[Supplied records — start]

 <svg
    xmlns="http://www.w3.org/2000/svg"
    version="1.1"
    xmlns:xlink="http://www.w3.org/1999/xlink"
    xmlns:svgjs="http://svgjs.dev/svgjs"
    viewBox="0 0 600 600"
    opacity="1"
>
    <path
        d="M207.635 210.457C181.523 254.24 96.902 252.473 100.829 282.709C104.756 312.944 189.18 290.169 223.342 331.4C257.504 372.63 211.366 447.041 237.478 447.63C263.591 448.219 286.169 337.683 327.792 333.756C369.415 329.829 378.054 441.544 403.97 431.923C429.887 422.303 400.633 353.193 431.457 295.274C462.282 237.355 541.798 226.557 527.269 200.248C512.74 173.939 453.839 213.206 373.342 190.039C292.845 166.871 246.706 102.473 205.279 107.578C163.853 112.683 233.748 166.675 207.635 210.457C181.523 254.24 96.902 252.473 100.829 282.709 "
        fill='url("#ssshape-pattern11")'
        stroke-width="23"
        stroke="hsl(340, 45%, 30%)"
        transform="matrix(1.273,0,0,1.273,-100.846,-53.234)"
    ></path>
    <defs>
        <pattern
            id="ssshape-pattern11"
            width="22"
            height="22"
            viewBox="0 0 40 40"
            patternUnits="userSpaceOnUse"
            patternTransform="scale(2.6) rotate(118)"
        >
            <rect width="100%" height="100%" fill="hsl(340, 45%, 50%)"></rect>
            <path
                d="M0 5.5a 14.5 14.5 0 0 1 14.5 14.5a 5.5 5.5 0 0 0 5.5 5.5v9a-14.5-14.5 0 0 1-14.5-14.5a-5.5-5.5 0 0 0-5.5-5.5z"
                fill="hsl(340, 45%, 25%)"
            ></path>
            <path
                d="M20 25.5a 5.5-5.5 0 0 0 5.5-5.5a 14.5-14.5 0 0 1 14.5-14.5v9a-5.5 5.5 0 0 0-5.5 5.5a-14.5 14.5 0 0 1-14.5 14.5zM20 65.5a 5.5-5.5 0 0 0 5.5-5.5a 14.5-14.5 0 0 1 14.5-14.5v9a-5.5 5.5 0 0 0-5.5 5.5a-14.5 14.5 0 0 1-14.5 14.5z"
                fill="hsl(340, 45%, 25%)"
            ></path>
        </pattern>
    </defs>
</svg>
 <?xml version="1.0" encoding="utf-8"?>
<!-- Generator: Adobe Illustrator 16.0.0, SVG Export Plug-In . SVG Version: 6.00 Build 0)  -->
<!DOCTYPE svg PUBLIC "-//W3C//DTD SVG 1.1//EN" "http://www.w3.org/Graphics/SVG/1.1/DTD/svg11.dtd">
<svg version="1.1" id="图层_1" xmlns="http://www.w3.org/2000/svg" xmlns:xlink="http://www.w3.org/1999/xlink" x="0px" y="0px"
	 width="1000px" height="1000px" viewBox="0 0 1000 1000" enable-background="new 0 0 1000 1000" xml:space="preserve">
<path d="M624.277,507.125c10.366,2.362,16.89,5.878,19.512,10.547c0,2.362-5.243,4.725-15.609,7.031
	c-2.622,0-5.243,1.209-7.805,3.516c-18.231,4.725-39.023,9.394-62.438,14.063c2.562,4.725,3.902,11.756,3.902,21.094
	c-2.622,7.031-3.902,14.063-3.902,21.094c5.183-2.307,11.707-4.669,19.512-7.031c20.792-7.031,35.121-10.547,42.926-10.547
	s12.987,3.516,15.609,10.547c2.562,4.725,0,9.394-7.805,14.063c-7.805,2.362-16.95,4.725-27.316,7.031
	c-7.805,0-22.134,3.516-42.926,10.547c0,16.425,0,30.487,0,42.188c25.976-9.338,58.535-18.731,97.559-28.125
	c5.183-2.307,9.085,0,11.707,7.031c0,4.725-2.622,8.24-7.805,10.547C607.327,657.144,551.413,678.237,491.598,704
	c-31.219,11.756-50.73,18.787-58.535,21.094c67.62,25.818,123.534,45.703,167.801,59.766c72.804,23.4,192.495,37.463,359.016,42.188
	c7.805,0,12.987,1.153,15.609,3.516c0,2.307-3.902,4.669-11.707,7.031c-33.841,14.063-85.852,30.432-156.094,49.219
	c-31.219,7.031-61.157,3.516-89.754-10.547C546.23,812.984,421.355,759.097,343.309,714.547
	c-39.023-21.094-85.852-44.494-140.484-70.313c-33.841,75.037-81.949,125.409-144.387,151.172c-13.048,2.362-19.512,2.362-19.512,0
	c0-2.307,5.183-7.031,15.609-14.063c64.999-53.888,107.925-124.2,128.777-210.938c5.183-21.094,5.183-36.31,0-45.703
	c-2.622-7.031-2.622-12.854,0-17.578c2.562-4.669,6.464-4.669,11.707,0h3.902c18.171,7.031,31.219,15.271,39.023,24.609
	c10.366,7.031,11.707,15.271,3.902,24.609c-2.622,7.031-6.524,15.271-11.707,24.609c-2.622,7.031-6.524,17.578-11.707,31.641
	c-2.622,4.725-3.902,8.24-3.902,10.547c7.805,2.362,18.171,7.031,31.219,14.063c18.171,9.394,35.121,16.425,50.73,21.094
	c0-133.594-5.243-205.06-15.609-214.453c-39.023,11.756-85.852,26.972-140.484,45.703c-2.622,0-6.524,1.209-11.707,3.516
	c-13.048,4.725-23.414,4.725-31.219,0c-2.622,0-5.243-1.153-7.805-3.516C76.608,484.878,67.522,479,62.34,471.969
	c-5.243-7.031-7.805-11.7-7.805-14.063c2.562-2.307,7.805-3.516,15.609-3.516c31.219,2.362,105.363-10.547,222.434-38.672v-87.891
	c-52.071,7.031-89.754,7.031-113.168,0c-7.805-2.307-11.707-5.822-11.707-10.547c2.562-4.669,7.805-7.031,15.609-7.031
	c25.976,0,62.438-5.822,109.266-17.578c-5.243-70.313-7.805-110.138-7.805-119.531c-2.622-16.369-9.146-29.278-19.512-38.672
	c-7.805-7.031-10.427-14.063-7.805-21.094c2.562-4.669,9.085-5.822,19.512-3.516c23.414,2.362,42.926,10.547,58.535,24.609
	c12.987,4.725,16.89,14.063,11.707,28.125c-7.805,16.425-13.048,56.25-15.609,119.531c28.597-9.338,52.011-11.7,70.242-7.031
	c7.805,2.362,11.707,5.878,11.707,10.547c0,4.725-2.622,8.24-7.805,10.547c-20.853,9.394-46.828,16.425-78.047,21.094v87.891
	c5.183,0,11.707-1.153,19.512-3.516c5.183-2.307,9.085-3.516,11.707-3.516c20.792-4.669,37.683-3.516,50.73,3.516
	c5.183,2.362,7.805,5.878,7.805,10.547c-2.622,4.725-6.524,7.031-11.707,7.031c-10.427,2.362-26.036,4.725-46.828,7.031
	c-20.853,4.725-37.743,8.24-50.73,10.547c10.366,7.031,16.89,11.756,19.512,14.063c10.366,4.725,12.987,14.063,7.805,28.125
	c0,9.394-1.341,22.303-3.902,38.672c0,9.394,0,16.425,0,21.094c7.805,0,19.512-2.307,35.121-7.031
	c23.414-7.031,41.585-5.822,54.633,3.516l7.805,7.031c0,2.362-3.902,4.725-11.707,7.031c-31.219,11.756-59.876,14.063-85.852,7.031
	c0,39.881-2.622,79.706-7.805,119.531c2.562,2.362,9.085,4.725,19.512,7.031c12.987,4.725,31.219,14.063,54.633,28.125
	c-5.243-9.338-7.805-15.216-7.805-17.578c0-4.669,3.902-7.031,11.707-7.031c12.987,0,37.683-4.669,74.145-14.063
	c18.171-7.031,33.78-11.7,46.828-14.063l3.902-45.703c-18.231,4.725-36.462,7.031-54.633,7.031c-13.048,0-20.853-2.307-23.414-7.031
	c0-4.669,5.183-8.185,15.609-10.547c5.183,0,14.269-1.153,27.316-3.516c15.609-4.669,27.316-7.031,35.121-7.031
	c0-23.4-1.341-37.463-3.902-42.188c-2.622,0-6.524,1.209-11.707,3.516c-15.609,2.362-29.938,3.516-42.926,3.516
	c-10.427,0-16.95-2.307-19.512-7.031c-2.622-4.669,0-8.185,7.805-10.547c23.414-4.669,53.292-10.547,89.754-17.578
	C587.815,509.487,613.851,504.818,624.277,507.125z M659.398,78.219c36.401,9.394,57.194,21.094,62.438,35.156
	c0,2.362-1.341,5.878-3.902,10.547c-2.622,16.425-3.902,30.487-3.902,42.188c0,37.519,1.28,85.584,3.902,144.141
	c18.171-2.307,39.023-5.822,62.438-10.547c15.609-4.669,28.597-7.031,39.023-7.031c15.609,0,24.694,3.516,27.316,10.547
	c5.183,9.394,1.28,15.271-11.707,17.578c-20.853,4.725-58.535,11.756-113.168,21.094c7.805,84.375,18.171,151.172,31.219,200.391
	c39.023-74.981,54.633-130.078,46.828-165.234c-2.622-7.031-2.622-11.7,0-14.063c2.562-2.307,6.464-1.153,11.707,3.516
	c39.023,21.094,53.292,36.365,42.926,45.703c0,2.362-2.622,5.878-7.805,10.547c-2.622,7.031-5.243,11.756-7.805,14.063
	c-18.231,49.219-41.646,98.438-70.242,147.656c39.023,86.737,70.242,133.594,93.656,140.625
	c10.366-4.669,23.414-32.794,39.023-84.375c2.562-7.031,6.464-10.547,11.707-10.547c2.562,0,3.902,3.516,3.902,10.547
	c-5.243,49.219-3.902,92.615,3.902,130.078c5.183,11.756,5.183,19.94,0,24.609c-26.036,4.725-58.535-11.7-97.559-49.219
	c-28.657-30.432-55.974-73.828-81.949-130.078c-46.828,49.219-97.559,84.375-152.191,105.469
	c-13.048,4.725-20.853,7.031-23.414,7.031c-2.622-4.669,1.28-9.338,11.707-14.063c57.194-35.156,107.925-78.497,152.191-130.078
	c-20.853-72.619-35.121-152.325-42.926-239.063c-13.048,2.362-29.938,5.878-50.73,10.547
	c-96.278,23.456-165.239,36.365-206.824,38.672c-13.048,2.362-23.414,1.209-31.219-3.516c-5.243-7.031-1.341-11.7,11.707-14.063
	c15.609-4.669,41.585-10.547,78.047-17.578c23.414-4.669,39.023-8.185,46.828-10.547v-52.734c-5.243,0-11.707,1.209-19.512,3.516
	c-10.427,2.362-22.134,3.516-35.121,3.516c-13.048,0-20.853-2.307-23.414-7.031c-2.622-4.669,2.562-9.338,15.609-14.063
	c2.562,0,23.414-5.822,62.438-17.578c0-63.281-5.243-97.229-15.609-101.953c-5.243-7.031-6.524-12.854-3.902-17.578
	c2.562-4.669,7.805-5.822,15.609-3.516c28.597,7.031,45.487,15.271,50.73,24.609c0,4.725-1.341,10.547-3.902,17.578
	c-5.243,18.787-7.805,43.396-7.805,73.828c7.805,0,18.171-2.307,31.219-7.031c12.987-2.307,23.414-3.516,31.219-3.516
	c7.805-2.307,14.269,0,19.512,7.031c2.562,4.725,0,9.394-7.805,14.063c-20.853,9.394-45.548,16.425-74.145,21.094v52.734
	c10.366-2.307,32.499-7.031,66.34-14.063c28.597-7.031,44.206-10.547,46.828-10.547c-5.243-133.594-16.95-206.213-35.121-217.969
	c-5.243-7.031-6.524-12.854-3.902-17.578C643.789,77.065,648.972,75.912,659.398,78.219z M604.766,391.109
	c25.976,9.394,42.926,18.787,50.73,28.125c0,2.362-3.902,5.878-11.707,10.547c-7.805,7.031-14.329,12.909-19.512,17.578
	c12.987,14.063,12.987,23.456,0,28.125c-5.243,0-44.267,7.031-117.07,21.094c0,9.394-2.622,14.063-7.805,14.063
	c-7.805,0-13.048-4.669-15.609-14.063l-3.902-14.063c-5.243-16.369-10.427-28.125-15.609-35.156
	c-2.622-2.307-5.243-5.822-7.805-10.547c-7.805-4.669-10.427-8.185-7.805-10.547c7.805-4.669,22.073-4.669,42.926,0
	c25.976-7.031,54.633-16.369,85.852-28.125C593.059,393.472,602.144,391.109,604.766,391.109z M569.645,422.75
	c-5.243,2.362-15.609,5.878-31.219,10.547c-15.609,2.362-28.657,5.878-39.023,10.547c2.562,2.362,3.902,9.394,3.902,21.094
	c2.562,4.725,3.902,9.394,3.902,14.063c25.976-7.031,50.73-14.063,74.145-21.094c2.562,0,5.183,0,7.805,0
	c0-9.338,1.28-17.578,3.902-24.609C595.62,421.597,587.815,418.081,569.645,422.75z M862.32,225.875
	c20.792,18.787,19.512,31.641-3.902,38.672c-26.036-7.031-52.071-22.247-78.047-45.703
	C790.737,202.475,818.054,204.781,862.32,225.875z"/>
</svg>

[Supplied records — finish]

→ Your assignment
Looking at the records above, work out how many lines hold "fill" and write only that number.

→ Task solution
4